Gracias por adelantado


----------



## pepechip (Ene 14, 2008)

hola 
precisamente ayer localice en una revista el esquema de uno. En 1 o 2 dias lo escaneo y te lo paso.

saludos


----------



## dimmer (Ene 14, 2008)

mil gracias pepechip! esperamos por ti =D! el es mi companero de proyecto. tambien vamos a hacer un medidor de LCR, esta bastante bueno el proyecto!


----------



## pepechip (Ene 15, 2008)

hola
 en estas dos imagenes tienes el esquema y la explicacion.


----------



## dimmer (Ene 15, 2008)

mil gracias pepechip =D!


----------



## wilmu (Jun 18, 2010)

Un saludo compañeros.

Mi duda tiene que ver con obtener la ganancia de corriente (BETA) en un Darlington, especificamente el TIP142. He intentado varias formas, con varios circuitos y no he logrado nada. Según el datasheet tiene una BETA minima de 500, sin embargo al ensayarlo en circuitos con resistencias solo obtengo una BETA de 80 aprox. No poseo un mulimetro con medidor de alta ganacia, asi que me gustaria saber si hay alguna forma de medirla mediante un circuito u otra cosa. He buscado en foros y no he encontrado alguna informacion relevante.

Muchas gracias por su ayuda.


----------



## MrCarlos (Jun 18, 2010)

Hola wilmu

Talvez encuentres una ayuda o idea para satisfacer tu requerimiento por acá.
https://www.forosdeelectronica.com/f27/graficas-transistor-38633/ saludos
a sus ordenes


----------



## wilmu (Jun 18, 2010)

Un saludo.

Gracias por la ayuda.

El problema es que no cuento con un trazador de curvas y por eso estaba buscando alguna manera de medirla solo con multimetro (que no tiene medidor de grandes ganancias) y un circuito. La verdad no sé si se puede, por eso recurro a esta comunidad tan grande de electronicos.

Exitos!


----------



## cosmefulanito04 (Jun 18, 2010)

Cual hfe queres medir? el de continua o el de alterna?

El de continua lo podrias medir con un tester midiendo la ic e ib, y la division ic/ib te dara el hFe.

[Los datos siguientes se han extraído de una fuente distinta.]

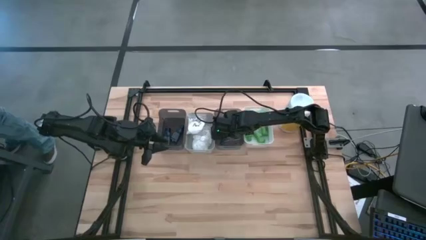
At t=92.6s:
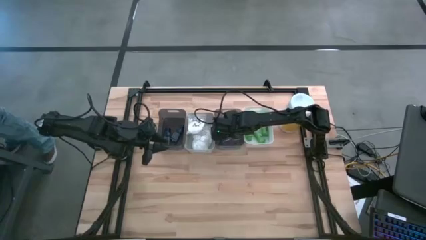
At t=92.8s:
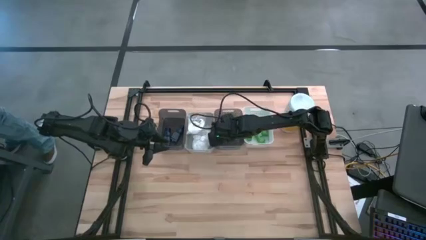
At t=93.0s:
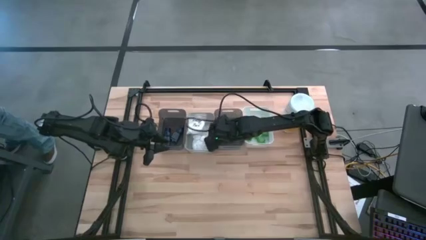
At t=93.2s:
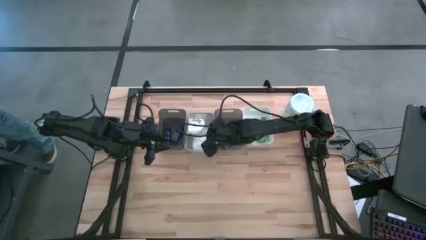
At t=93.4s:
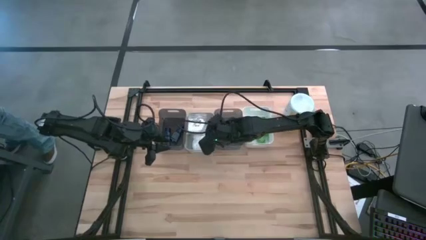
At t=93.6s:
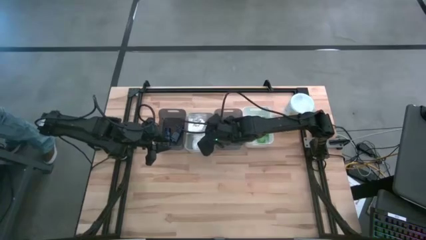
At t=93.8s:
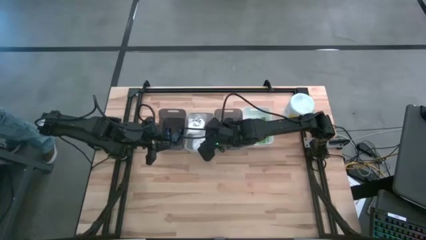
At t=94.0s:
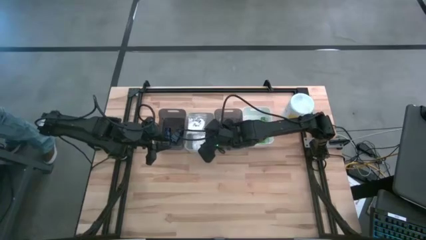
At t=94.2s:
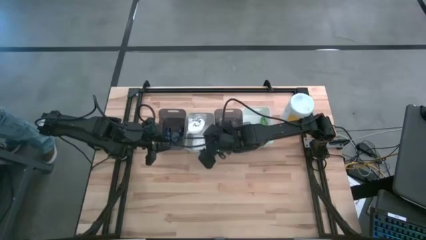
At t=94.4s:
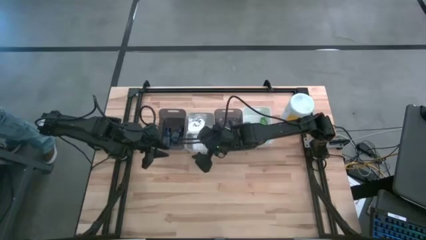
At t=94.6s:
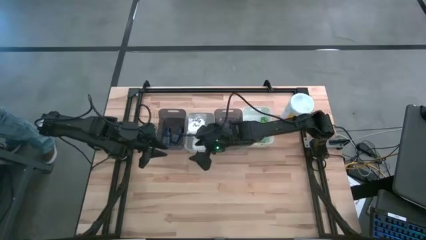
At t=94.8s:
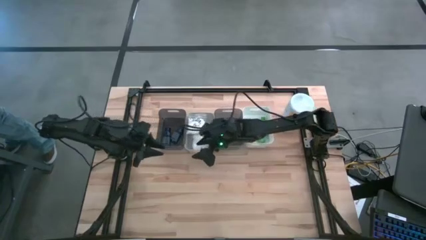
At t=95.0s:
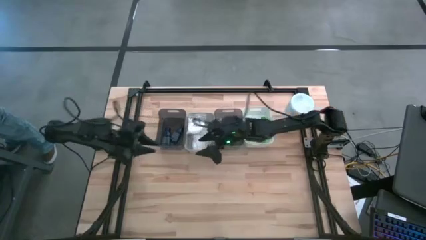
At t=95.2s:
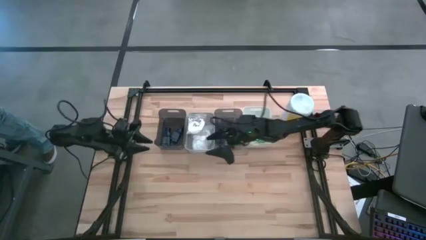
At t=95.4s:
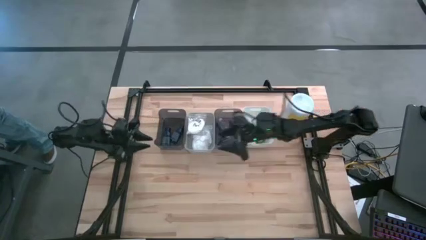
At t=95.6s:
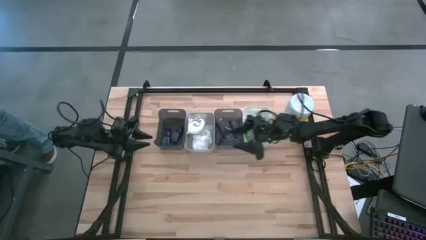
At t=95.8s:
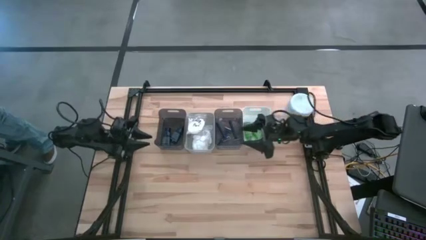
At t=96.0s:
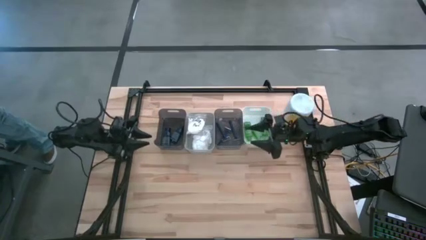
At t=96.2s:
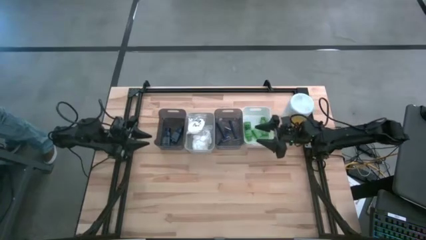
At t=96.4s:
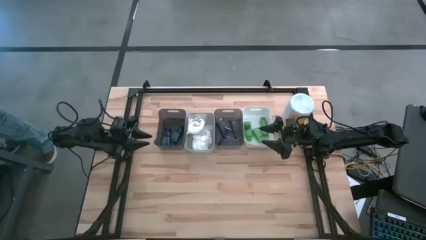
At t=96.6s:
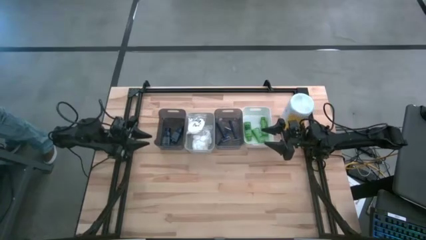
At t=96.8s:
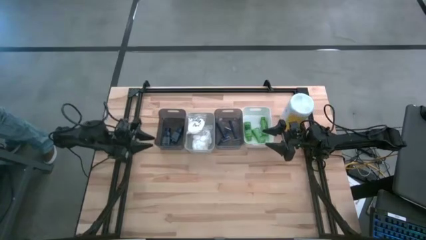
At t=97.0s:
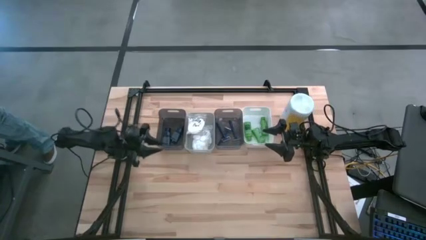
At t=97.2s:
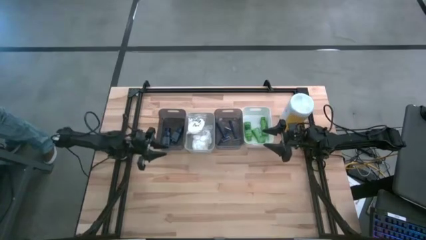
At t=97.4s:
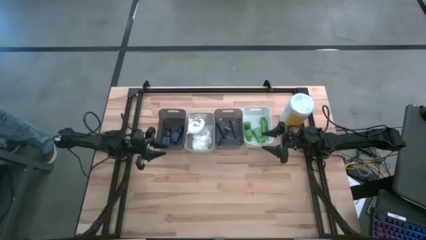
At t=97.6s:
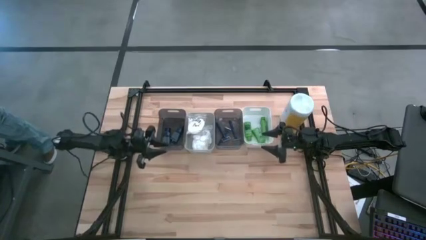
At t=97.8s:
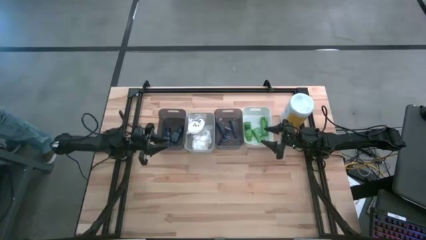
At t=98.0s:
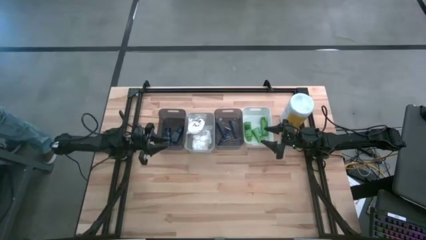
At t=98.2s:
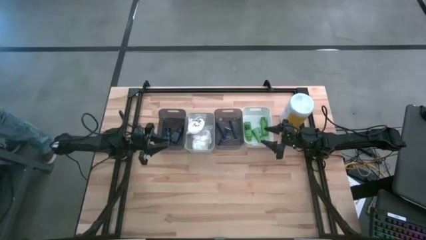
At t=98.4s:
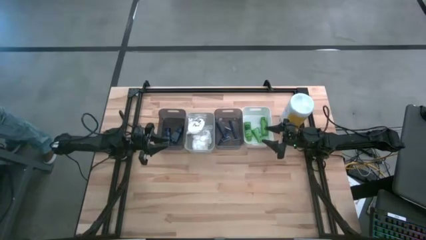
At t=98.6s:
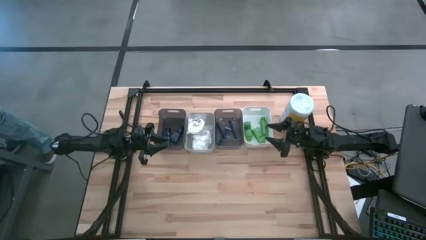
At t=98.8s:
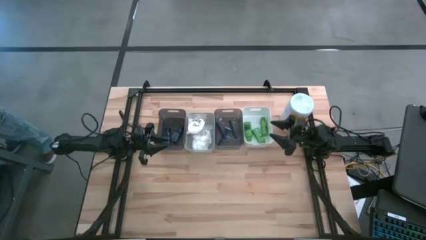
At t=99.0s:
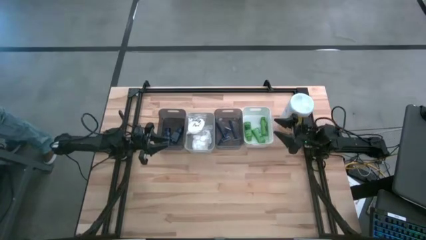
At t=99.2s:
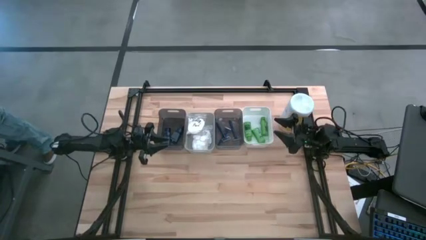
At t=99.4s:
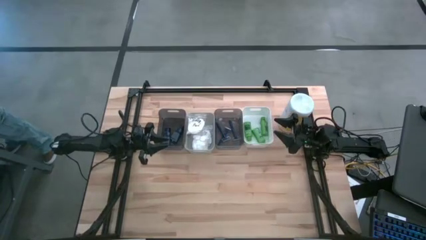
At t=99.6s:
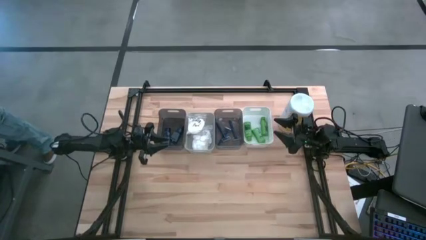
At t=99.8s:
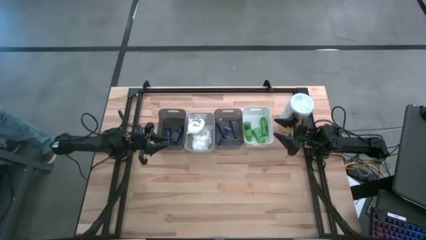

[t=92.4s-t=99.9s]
Task: Pick & Place Travel size toiletries
Return to Home Position

El de alterna, no te queda otra que usar un osciloscopio, tal vez podrias probar metiendole una senoidal a la entrada y medir el Vrms, y hacer lo mismo a la salida, y en funcion de la transferencia de tension del amplificador, podrias darte una idea del hfe. Pero hacer esto, de seguro vas a cometer un error de medicion importante.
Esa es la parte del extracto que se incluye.